Partners report on the quality of their soil

Our monitoring and evaluation process makes an effort to account for all the nuances of helping people by healing ecosystems

All of these considerations aren’t meant to write off crop yields as irrelevant. There are many intuitive reasons why it does reflect improvements in people’s lives and their environmental health. But understanding its limitations can also allow us to integrate this measure alongside other bits of evidence that provide a more holistic picture of ecosystem health.

Our monitoring and evaluation (M&E) process is intentionally designed. It’s meant to measure progress toward a holistic vision of transformed lives and restored environments, rather than scattered bits of individual successes.

Plant With Purpose not only measures the size of crop yields, but we also analyze partnering farmer’s feedback on soil health. We survey partners on their application of regenerative agriculture techniques. We examine how partners are sharing and spreading knowledge of sustainable agriculture, and we apply technological tools like satellite monitoring to track the reforestation and regeneration of watersheds.

The good news is that all our measures show us that helping people heal their land improves their lives.

Reforestation is taking place in every watershed Plant With Purpose works in, and this results in positive change at a macro level. Local climates are stabilized, soil is protected, and biodiversity can thrive.
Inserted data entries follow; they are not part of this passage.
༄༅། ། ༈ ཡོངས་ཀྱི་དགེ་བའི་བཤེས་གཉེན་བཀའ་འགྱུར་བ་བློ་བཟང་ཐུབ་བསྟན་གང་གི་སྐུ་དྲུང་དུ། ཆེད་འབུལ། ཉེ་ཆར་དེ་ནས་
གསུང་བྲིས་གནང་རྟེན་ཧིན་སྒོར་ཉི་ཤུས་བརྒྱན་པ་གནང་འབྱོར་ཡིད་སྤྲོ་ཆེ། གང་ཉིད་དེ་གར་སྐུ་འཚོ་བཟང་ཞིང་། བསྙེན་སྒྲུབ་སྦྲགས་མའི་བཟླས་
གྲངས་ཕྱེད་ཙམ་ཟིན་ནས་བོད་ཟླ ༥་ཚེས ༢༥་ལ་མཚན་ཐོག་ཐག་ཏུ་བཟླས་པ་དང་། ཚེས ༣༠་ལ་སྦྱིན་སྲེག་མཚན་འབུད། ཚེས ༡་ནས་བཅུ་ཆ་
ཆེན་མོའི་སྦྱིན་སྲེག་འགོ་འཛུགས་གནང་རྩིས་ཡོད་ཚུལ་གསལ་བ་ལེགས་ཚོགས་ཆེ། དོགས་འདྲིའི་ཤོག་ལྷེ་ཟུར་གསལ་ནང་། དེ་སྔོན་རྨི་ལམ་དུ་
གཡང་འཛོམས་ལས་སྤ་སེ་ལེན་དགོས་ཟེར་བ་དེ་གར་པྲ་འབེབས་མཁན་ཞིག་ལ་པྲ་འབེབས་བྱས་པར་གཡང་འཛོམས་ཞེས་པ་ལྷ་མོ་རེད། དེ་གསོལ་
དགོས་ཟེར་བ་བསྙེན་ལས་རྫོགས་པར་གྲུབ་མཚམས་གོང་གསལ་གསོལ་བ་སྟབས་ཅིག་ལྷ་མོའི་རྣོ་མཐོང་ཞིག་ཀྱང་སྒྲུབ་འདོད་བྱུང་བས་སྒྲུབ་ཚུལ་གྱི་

While we see a 37% increase in crop yields compared to nonparticipants, participating farmers  are also seeing an 6% increase in soil quality and a 40% increase in crop diversity compared to what is observed by nonparticipants. Participants’ farming behaviors are also shifting, as we see they apply nearly double the amount of different regenerative agriculture techniques than nonparticipants. This includes being 71% more likely to apply living barriers, 136% more likely to reduce tillage, and 119% more likely to mulch compared to nonparticipants.

We are greatly encouraged to see the progress of our partnering farmers as reflected in our evaluations. Crop yields are increasing, along with a number of other positive indicators that show how entire ecosystems are being restored and farming families are rising out of poverty.